Mujica-Mota R E, Roberts M, Abel G, Elliott M, Lyratzopoulos G, Roland M, Campbell J
Institute of Health Research, University of Exeter Medical School, Salmon Pool Lane, Exeter, EX2 4SG, UK,
Qual Life Res. 2015 Apr;24(4):909-18. doi: 10.1007/s11136-014-0820-7. Epub 2014 Oct 26.
There is limited evidence about the impact of specific patterns of multi-morbidity on health-related quality of life (HRQoL) from large samples of adult subjects.

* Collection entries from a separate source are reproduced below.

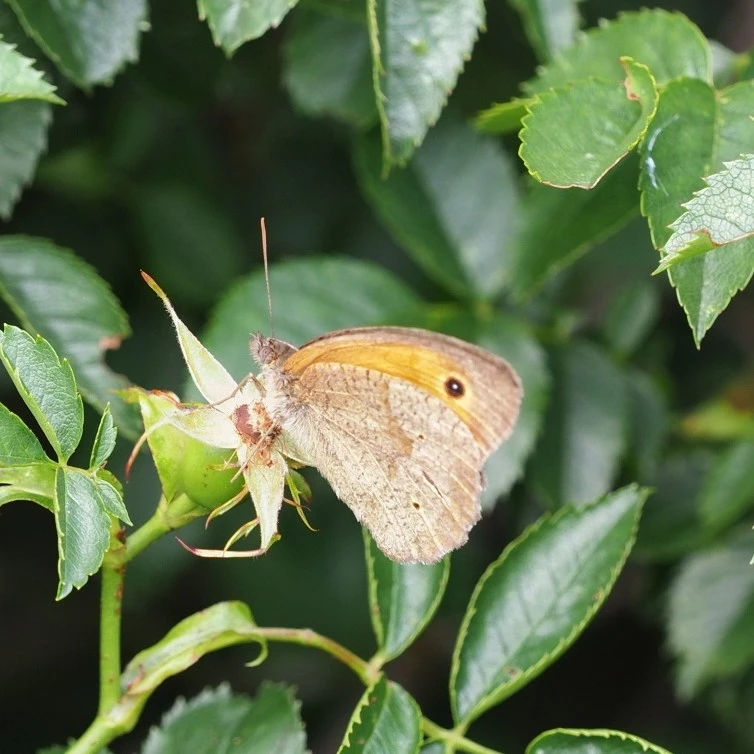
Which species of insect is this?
Maniola jurtina
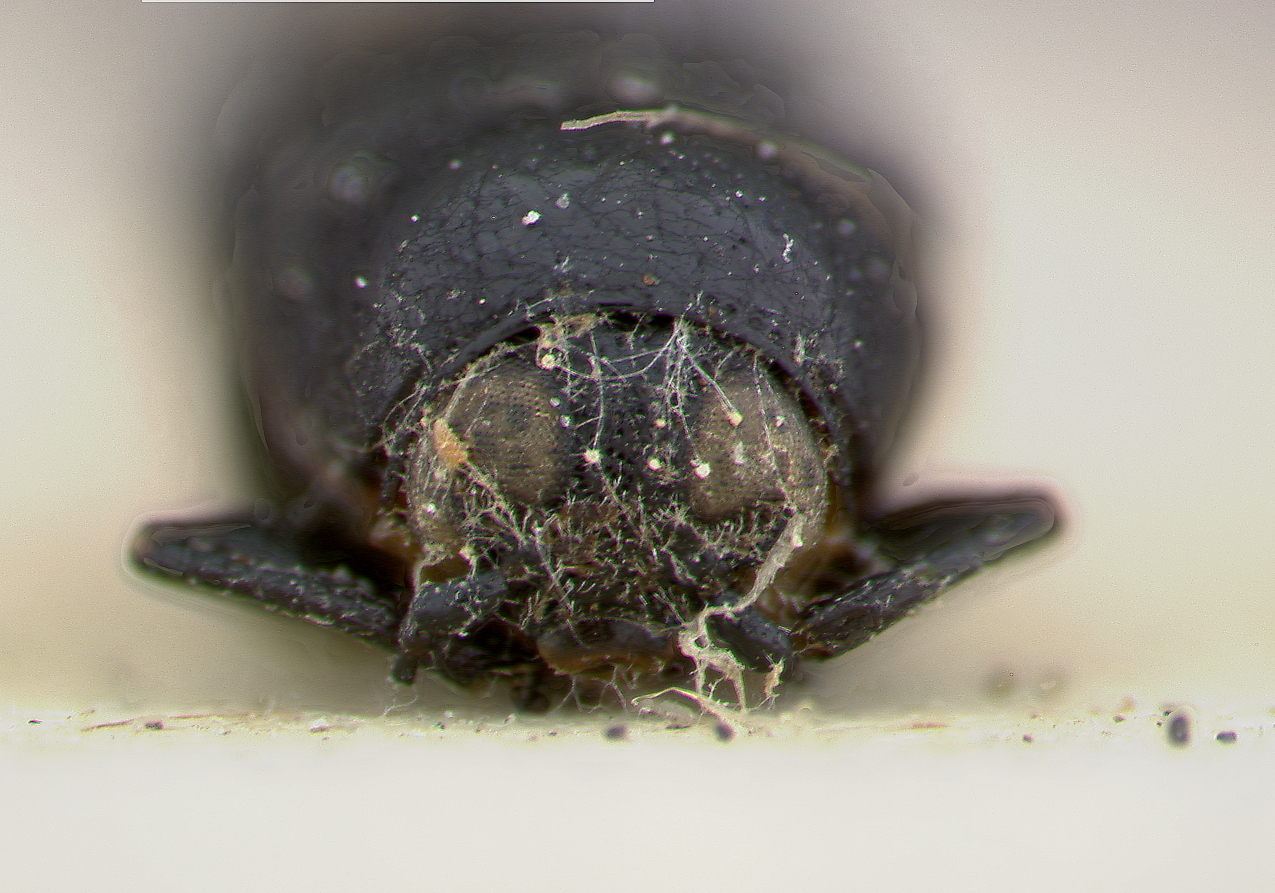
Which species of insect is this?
Schizosternus albogularis
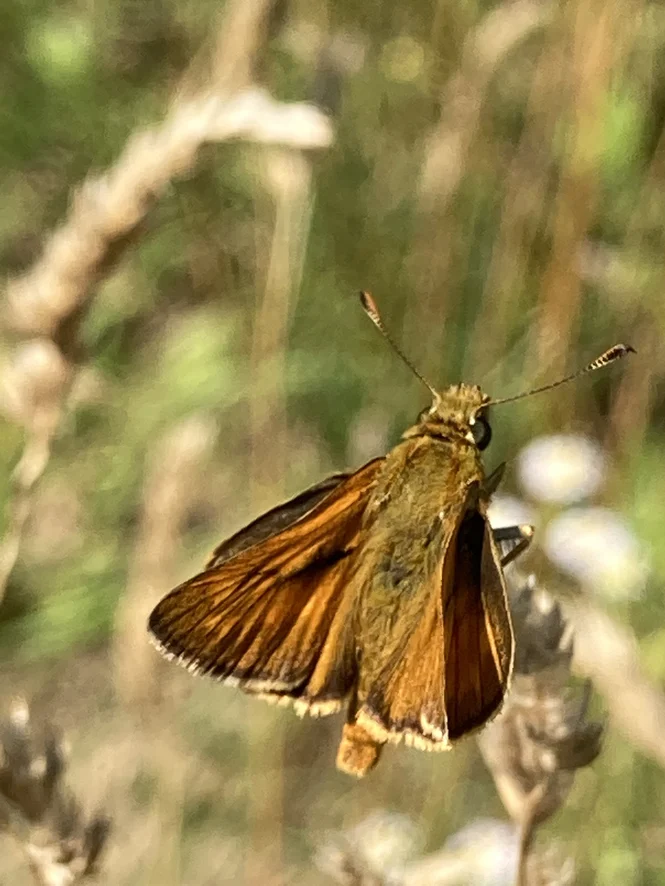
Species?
Ochlodes sylvanus (also Ochlodes venata)
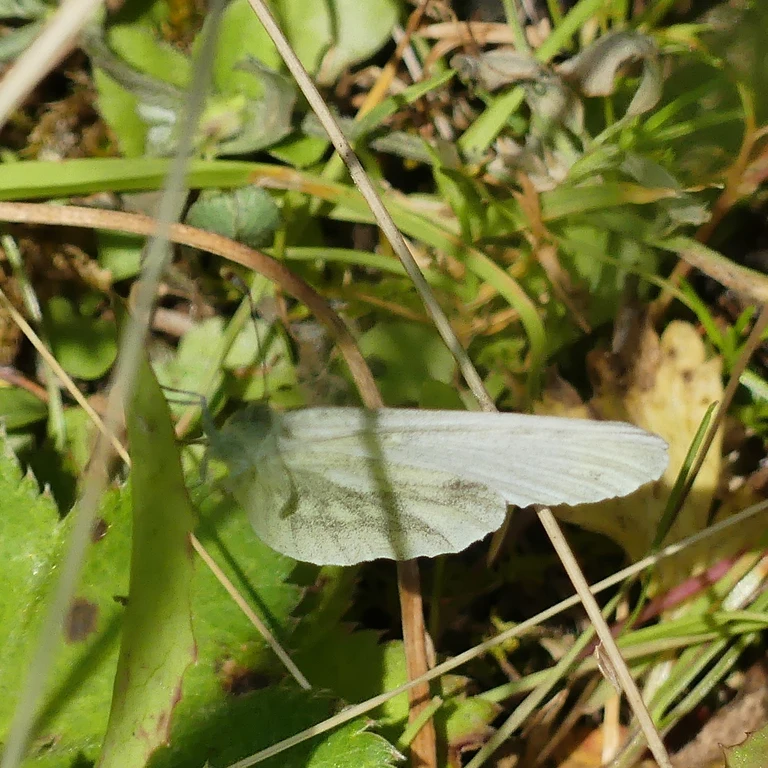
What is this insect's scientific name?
Leptidea sinapis/juvernica
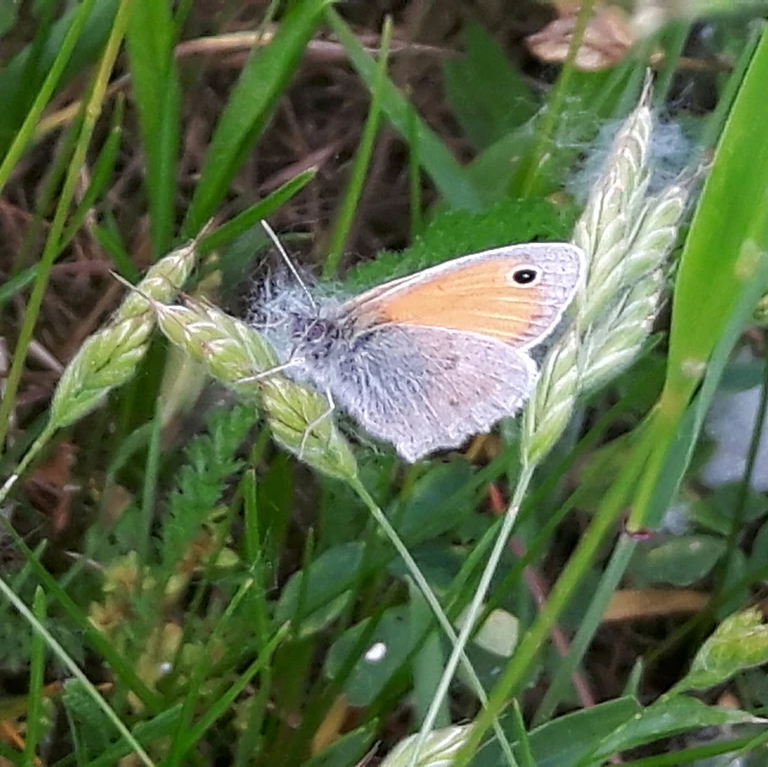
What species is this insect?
Coenonympha pamphilus
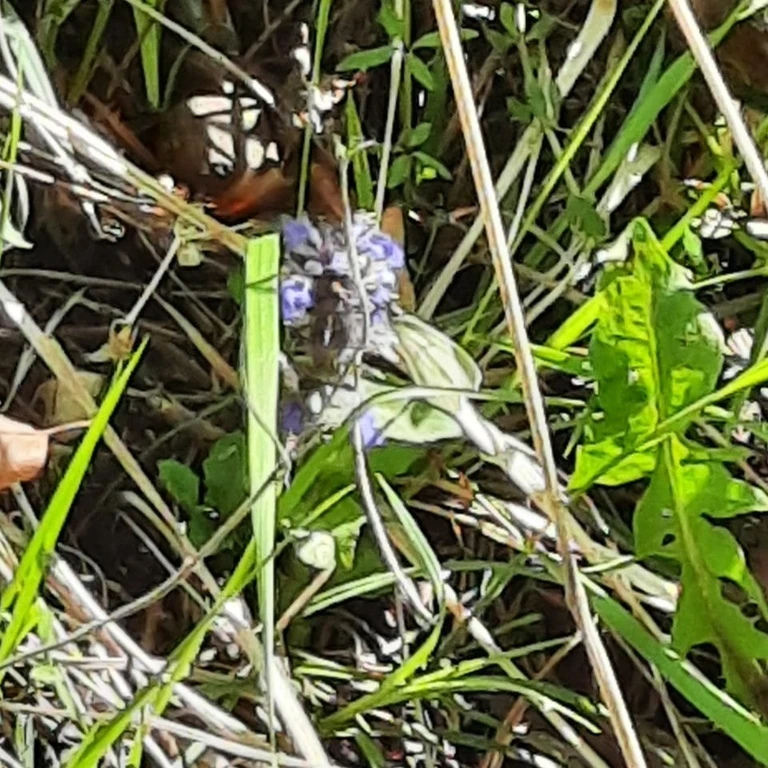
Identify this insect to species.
Leptidea sinapis/juvernica

We used data from the English General Practice Patient Survey 2011-2012. We defined multi-morbidity as the presence of two or more of 12 self-reported conditions or another (unspecified) long-term health problem. We investigated differences in HRQoL (EQ-5D scores) associated with combinations of these conditions after adjusting for age, gender, ethnicity, socio-economic deprivation and the presence of a recent illness or injury. Analyses were based on 831,537 responses from patients aged 18 years or older in 8,254 primary care practices in England.

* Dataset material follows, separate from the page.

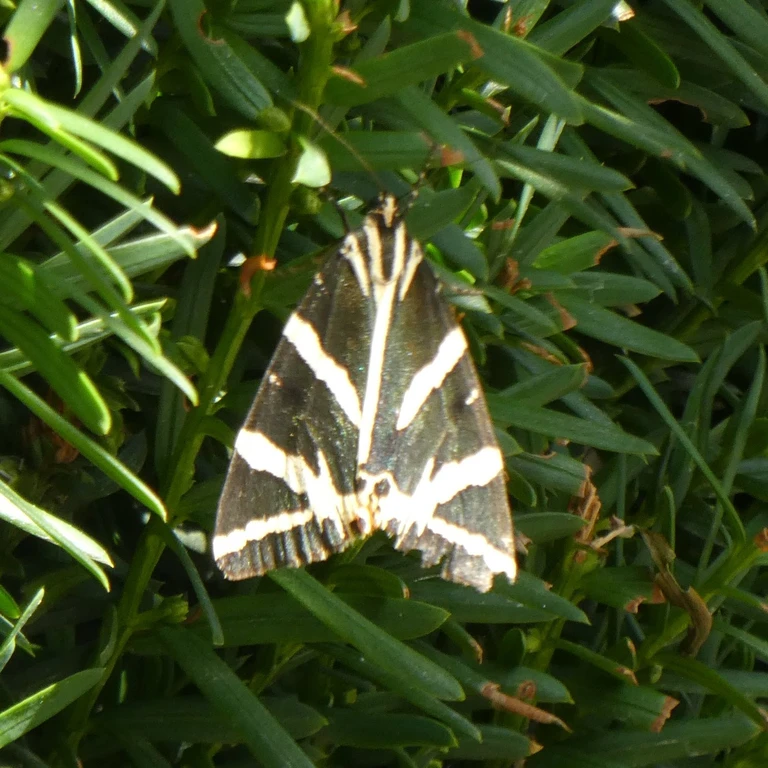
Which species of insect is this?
Euplagia quadripunctaria
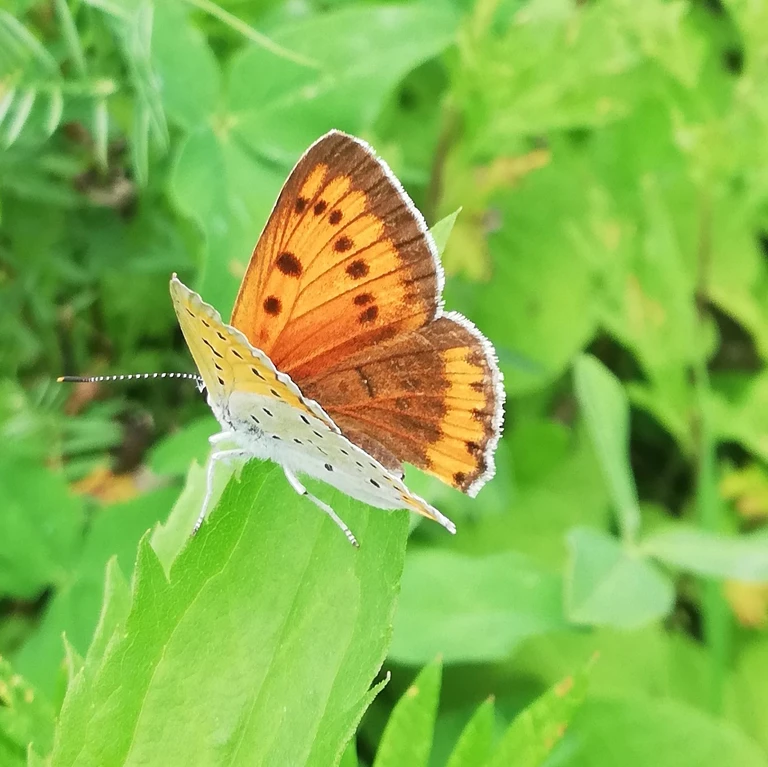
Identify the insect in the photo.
Lycaena dispar
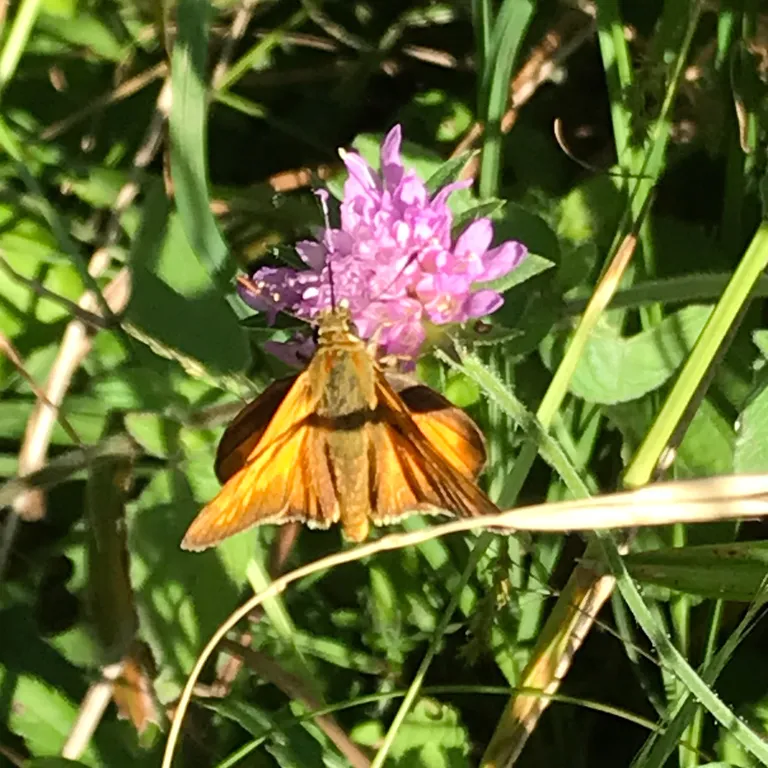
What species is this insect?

Of respondents, 23 % reported two or more chronic conditions (ranging from 7 % of those under 45 years of age to 51 % of those 65 years or older). Multi-morbidity was more common among women, White individuals and respondents from socio-economically deprived areas. Neurological problems, mental health problems, arthritis and long-term back problem were associated with the greatest HRQoL deficits. The presence of three or more conditions was commonly associated with greater reduction in quality of life than that implied by the sum of the differences associated with the individual conditions. The decline in quality of life associated with an additional condition in people with two and three physical conditions was less for older people than for younger people. Multi-morbidity was associated with a substantially worse HRQoL in diabetes than in other long-term conditions. With the exception of neurological conditions, the presence of a comorbid mental health problem had a more adverse effect on HRQoL than any single comorbid physical condition.
Patients with multi-morbid diabetes, arthritis, neurological, or long-term mental health problems have significantly lower quality of life than other people. People with long-term health conditions require integrated mental and physical healthcare services.
关于特定多种疾病模式对成年受试者大样本健康相关生活质量(HRQoL)影响的证据有限。
我们使用了2011 - 2012年英国全科医疗患者调查的数据。我们将多种疾病定义为存在12种自我报告疾病中的两种或更多种,或另一种(未明确说明的)长期健康问题。在调整年龄、性别、种族、社会经济剥夺以及近期疾病或损伤的存在情况后,我们调查了与这些疾病组合相关的HRQoL(EQ - 5D评分)差异。分析基于英格兰8254家初级医疗诊所中18岁及以上患者的831537份回复。
在受访者中,23%报告患有两种或更多慢性疾病(45岁以下人群中为7%,65岁及以上人群中为51%)。多种疾病在女性、白人个体以及社会经济贫困地区的受访者中更为常见。神经问题、心理健康问题、关节炎和长期背部问题与最大的HRQoL缺陷相关。三种或更多疾病的存在通常与生活质量的更大降低相关,其降低程度大于与个体疾病相关差异之和所暗示的程度。在患有两种和三种身体疾病的人群中,与额外一种疾病相关的生活质量下降在老年人中比在年轻人中要小。与其他长期疾病相比,多种疾病在糖尿病患者中与更差的HRQoL显著相关。除神经疾病外,共病心理健康问题对HRQoL的不利影响比任何单一共病身体疾病都更大。
患有多种疾病的糖尿病、关节炎、神经或长期心理健康问题患者的生活质量明显低于其他人。患有长期健康问题的人需要综合的身心医疗服务。